Media di era sekarang ini cukup menuntut netizen untuk lebih pintar lagi memilah informasi. Fungsi media di masa ini banyak yang bergeser. Hakikatnya media bisa ikut mengawasi lingkungan, sebagai penyambung lidah masyarakat yang kurang diperhatikan dan masih banyak lagi. Namun banyak media yang mengedepankan bisnis daripada menyampaikan sebuah kebenaran pada informasi yang dimuat dalam media tersebut.
Jika melihat pada media-media online, misalnya facebook, di dalam facebook makin hari makin banyak posting menggunakan link-link dengan judul yang sangat menarik. Padahal jika kita meng-klick llink tersebut terkadang isi berita sangat tidak sesuai dengan judul yang tertera. Tidak jarang link-link tersebut mengandung berita ‘hoax’ atau tidak benar. Internet memang menjadi lahan subur berita-berita hoax. Lagi-lagi kita sebagai netizen dituntut untuk lebih ‘smart’ dalam meng-klick link-link spam.

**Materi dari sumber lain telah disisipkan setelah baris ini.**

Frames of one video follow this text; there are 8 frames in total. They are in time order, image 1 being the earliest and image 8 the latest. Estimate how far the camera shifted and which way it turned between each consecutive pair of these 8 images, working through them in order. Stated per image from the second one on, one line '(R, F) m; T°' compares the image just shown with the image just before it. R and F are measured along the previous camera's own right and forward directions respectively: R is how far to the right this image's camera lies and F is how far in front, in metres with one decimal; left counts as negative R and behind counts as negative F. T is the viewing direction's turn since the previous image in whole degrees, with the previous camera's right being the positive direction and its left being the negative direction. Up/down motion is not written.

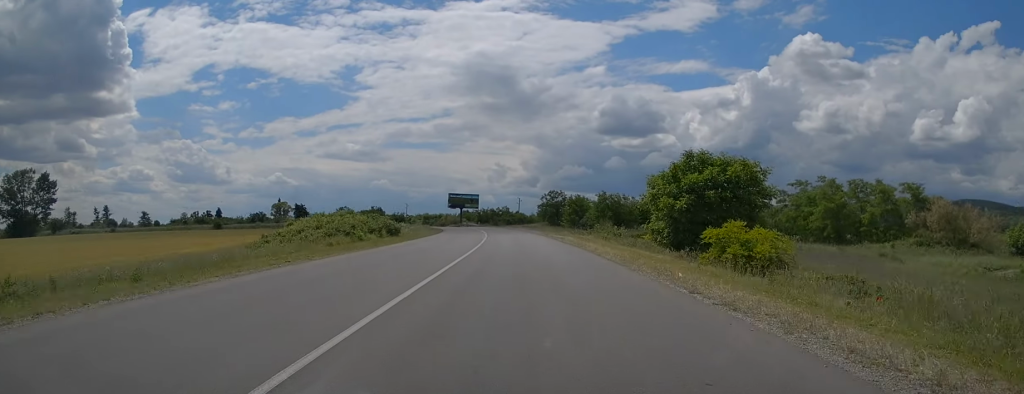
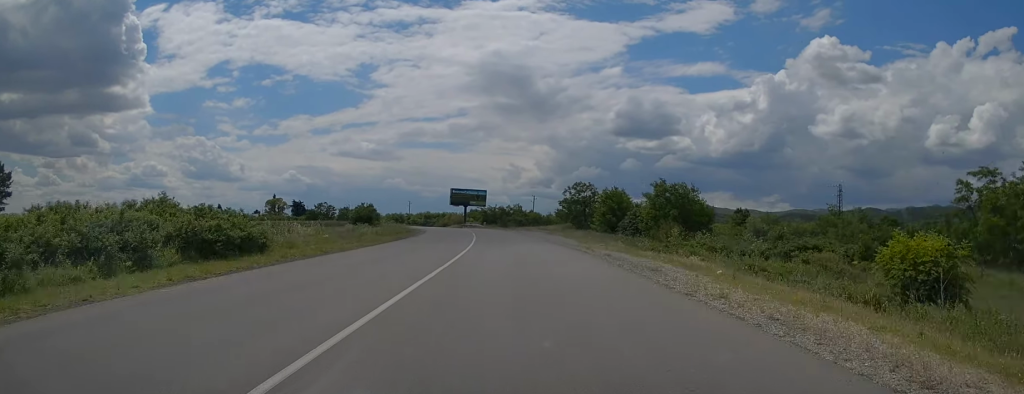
(-0.1, +26.5) m; -1°
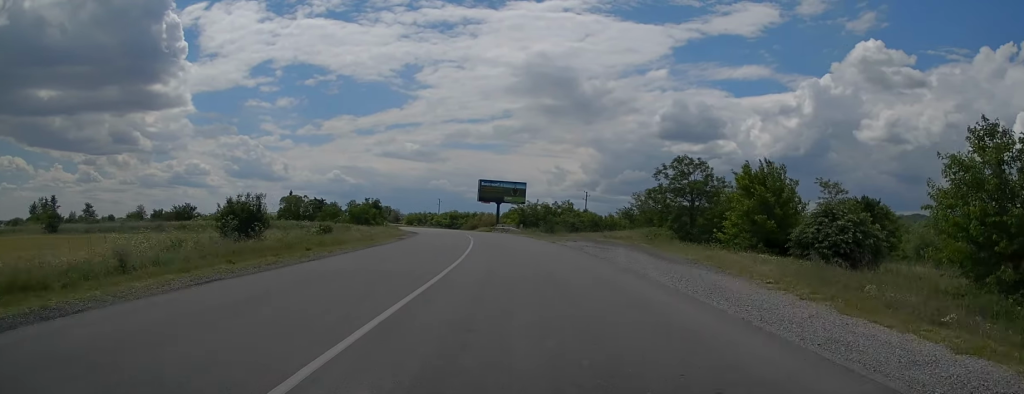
(-0.7, +35.5) m; -3°
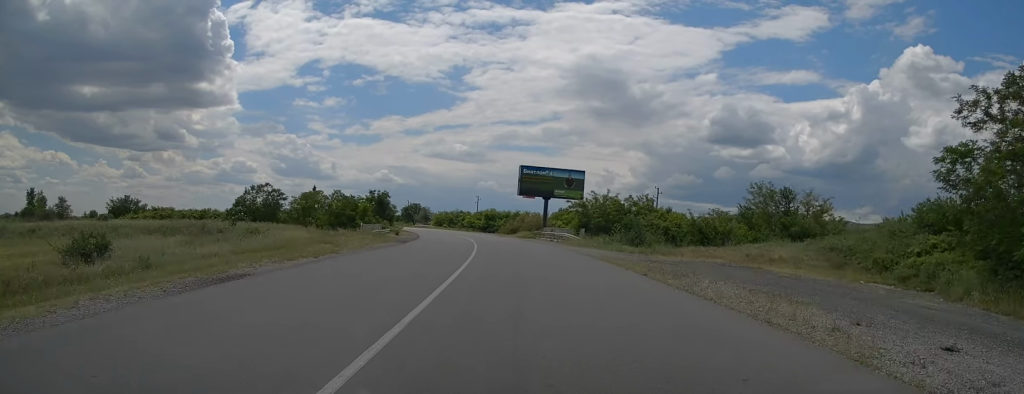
(-0.6, +30.9) m; -3°
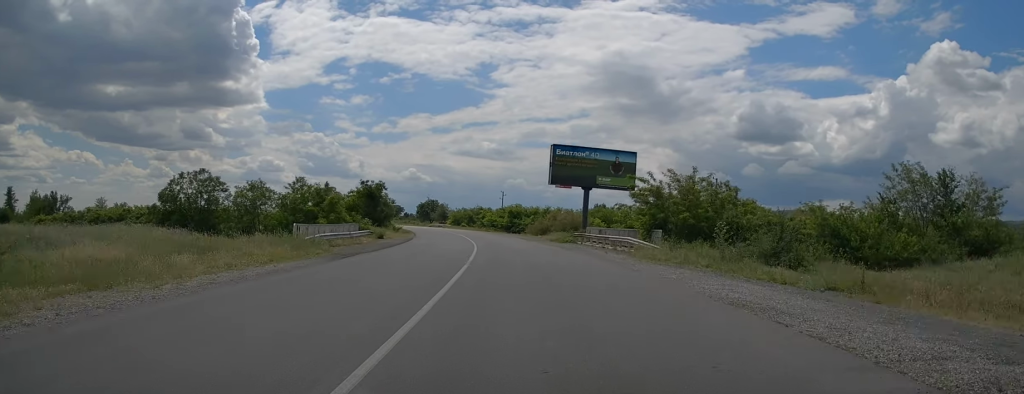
(-0.6, +19.8) m; -4°
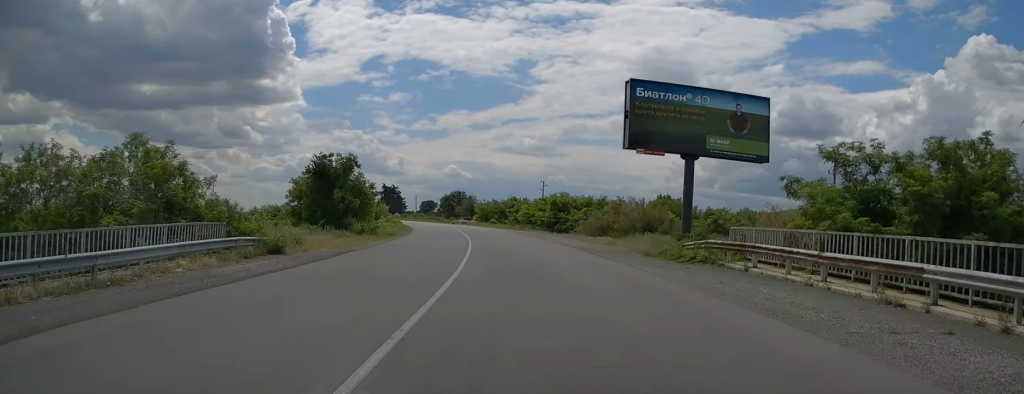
(-1.3, +26.9) m; -4°
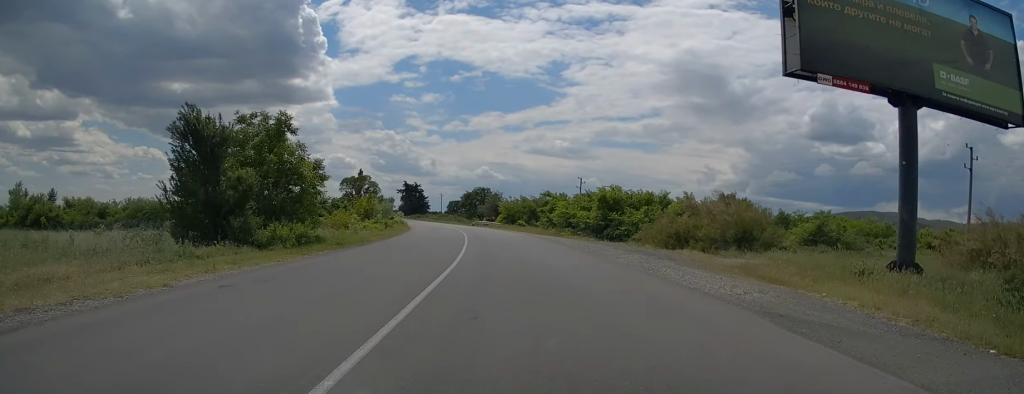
(-0.4, +18.9) m; -2°
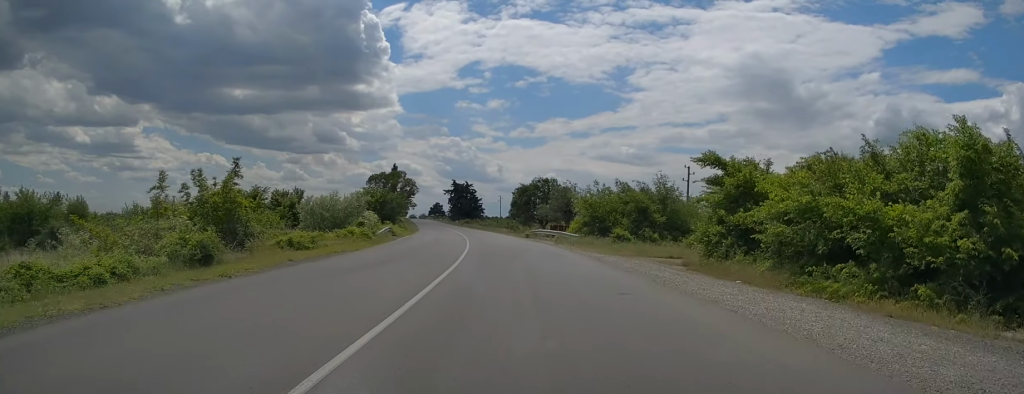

Hal yang paling saya ingat tentang media, adalah berbedanya hasil poling pada pemilu presiden tahun 2014 silam. Dimana TVOne menyajikan hasil quick count yang sangat mencolok perbedaannya dengan media-media lain. Disini saya tidak bermaksud menyampaikan dukungan saya pada salah satu calon saat itu, namun dari kasus tersebut kita bisa melihat sebuah media dari sisi siapa pemilik media tersebut, ataupun ideoogi pemilik media tersebut. Disini bisa dilihat bahwa di dalam tubuh media sekarang ini aspek bisnis lebih banyak menguasai ketimbang idealisme media tersebut.
Media adalah sebuah kekuatan yang bisa menggiring sebuah berita kea rah yang mereka inginkan. Media bisa mengarahkan pemikiran masyarakat karena cakupan sebuah media massa yang bermain dalam skala besar. Coba kita ingat kembali kasus pembunuhan Angeline, media menjadikan berita tersebut sebagai hot issue karena intensitas pemberitaannya yang selalu ditayangkan setiap waktu.
Kasus Angeline disulap seolah-olah menjadi masalah nasional. Padahal sebenarnya kasus pembunuhan yang lebih parah dan sadis daripada Angeline sangat banyak namun tidak di ekspose secara mendalam seperti kasus Angeline. Tapi akhir-akhir ini saya tidak pernah dengar lagi bagaimana kelanjutan kasus Angeline, sudah tidak ada lagi media yang menayangkan berita tentang Angeline. Padahal seharusnya media mempunyai tanggung jawab untuk memberitakan kelanjutan kasus Angeline.
Kebanyakan media di era sekarang ini lebih condong memberi porsi yang besar pada hiburan. Menyedihkannya, kebanyakan dari program di TV Indonesia baik hiburan ataupun tidak lebih banyak yang tidak mendidik. Banyak masyarakat yang tidak mendapatkan manfaat dari menonton suatu program tertentu. Seperti salah satu acara di salah satu stasiun TV swasta, acara hiburan yang ditayangkan tiap sore ini menurut saya tidak ada manfaat sama sekali.
Mereka mengatakan hanya untuk hiburan, namun cara menghiburnya dengan menaburkan bedak ke kepala orang, mengoles make up hitam ke kepala orang dan masih banyak lagi tindakan-tindakan yang sebenarnya tidak patut untuk menjadi konsumsi masyarakat. Yang menyedihkan adalah acara tersebut langgeng dan mendapat rating tinggi di stasiun TV tersebut. Karena apa? Karena masyarakat sendiri suka menonton acara tersebut.
Lagi-lagi sebagai masyarakat di zaman post-modern ini seharusnya bisa menjadi masyarakat yang lebih pintar memilah mana yang mendatangkan manfaat lebih banyak. Dengan tidak memilah tontonan kita sama saja mewariskan budaya yang buruk ke anak-anak kita. Media memang bisa menyajikan sesuatu dari sudut pandang mereka, namun kita sebagai masyarakat tidak boleh menelan sebuah informasi secara utuh.
Tetap kita harus menggunakan akal kita untuk berpikir kritis apakah yang disampaikan itu benar? Karena yang bisa disampaikan oleh media hanyalah mendekati sebuah kebenaran. Jadi kita sebagai masyarakat yang menjadi sasaran media-media harus lebih ‘Smart’.